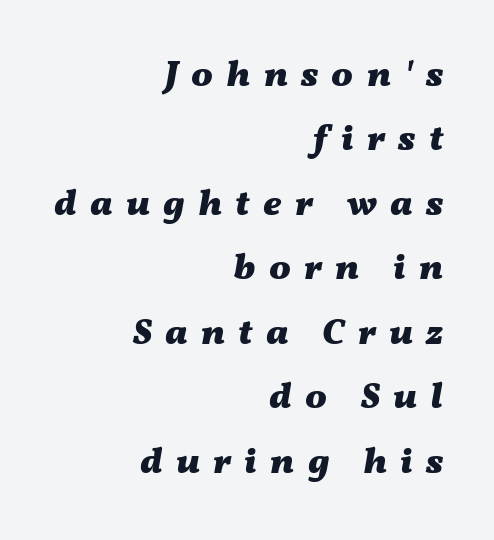
{"italic": "yes", "lean": "right", "slant_degrees": 11, "bold": "yes", "weight": "heavy", "width": "wide", "stroke_contrast": "medium", "x_height": "medium", "monospaced": "no", "underline": "no", "align": "right", "line_spacing_ratio": 1.79, "letter_spacing": "wide", "letter_spacing_em": 0.37, "glyph_px": 36}
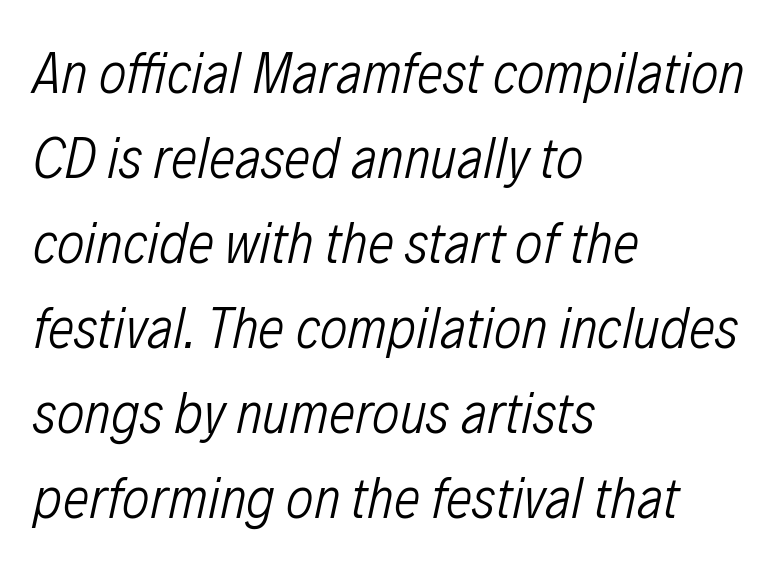
{"italic": "yes", "lean": "right", "slant_degrees": 12, "bold": "no", "weight": "light", "width": "condensed", "stroke_contrast": "low", "x_height": "medium", "monospaced": "no", "underline": "no", "align": "left", "line_spacing": "normal", "line_spacing_ratio": 1.44, "letter_spacing": "normal", "letter_spacing_em": 0.0, "glyph_px": 59}
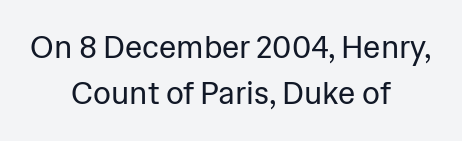
Teacher's note: observe the equal gaps on both sides — that is centered alignment. Successive baselines arrive at the customary interval. You could not count columns in this text — the font is proportionally spaced. Has an underline been added? It has not.
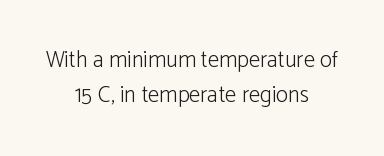
Q: Is the text bold? A: No.
Q: Is the text italic (slanted)? A: No, it is upright.
Q: Is the text underlined? A: No.
Q: How is the paragraph aligned? A: Centered.
Q: Is the spacing between letters normal or unusually wide? A: Normal.
Q: Is the spacing between lines tight, normal or loose? A: Normal.
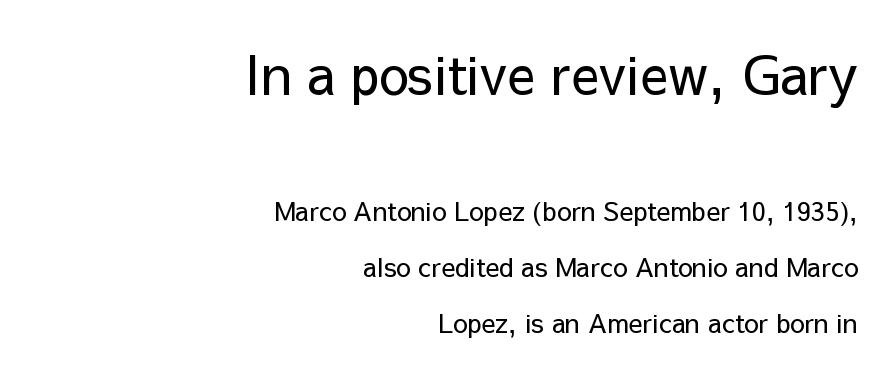
{"serif": "no", "italic": "no", "bold": "no", "weight": "regular", "width": "normal", "stroke_contrast": "low", "x_height": "medium", "monospaced": "no", "underline": "no", "align": "right", "line_spacing": "loose", "line_spacing_ratio": 2.15, "letter_spacing": "normal", "letter_spacing_em": 0.0, "larger_block": "first", "size_ratio": 2.04, "glyph_px": 53}
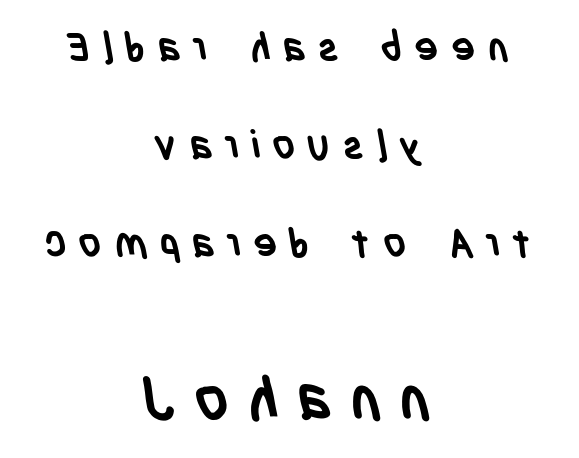
To sum up the face: it is a sans, with no serifs. The rendering enlarges the type as you move from the upper chunk to the lower. The tracking reads as deliberately expanded to a designer's eye. The letters advance in unequal steps, a hallmark of proportional type. These lines are centered, leaving both edges ragged.
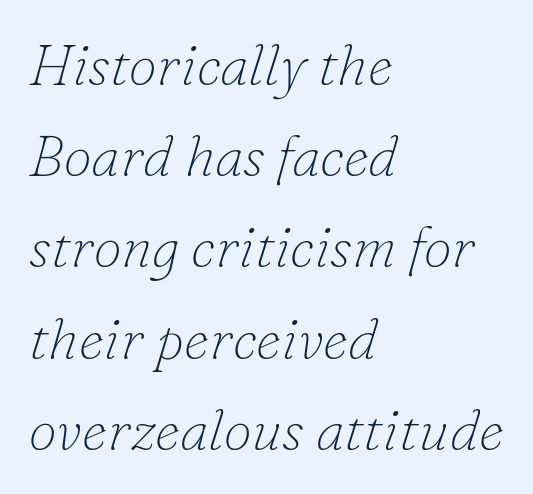
This sample has the flowing, uneven cadence of proportional lettering. Where is the straight margin? On the left. Summary of vertical rhythm: regular, with standard interline spacing. Vertical stems look standard width or narrower in stroke. Observe the serifs anchoring each vertical stroke in this sample.
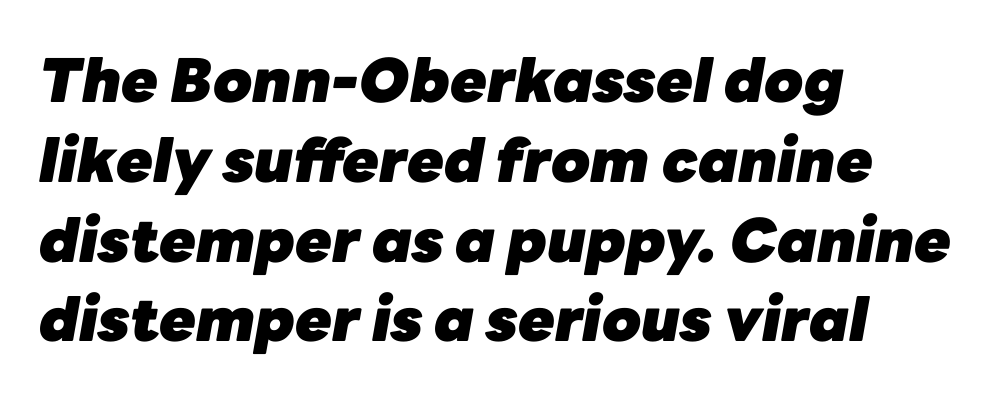
Horizontal alignment here is leftward, the default for most running prose. Type without underlining. The font is running at its bold setting. A typesetter would call this leading conventional body-copy spacing.
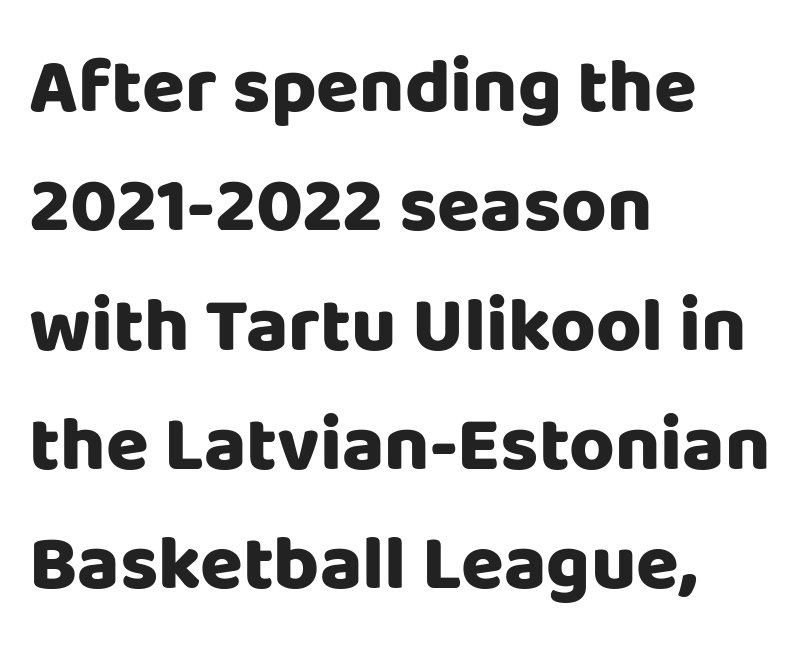
Q: Is the text bold? A: Yes.
Q: Is the text italic (slanted)? A: No, it is upright.
Q: Is the typeface a serif or a sans-serif typeface? A: Sans-serif.
Q: Is the text underlined? A: No.
Q: How is the paragraph aligned? A: Left-aligned.
Q: Is the spacing between letters normal or unusually wide? A: Normal.
Q: Is the spacing between lines tight, normal or loose? A: Normal.
Q: Width (condensed, normal, or wide)? A: Normal.
Q: Stroke contrast? A: Low.
Q: x-height? A: Large.
Q: Monospaced? A: No.
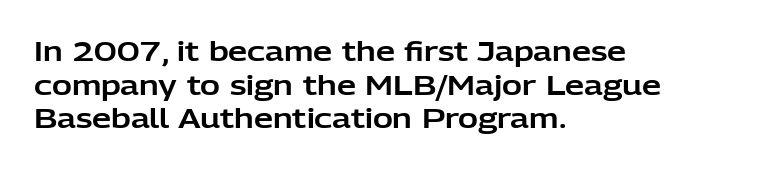
{"italic": "no", "underline": "no", "align": "left", "line_spacing": "normal", "line_spacing_ratio": 1.25, "letter_spacing": "normal", "letter_spacing_em": 0.0, "glyph_px": 27}
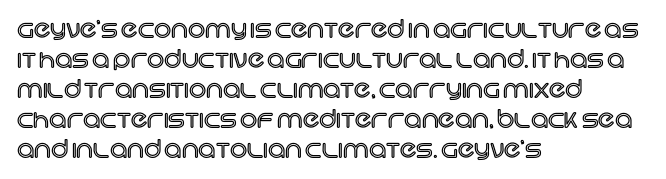
The image shows 24 px text type, upright; set left-aligned, normal line spacing (1.25x), normal letter spacing, not underlined.

- **Assignment**
Every line that contains the string "font" should be returned from the data.

- **Exercise answer**
Teacher's note: observe the equal gaps on both sides — that is centered alignment. Successive baselines arrive at the customary interval. You could not count columns in this text — the font is proportionally spaced. Has an underline been added? It has not.
Horizontal alignment here is leftward, the default for most running prose. Type without underlining. The font is running at its bold setting. A typesetter would call this leading conventional body-copy spacing.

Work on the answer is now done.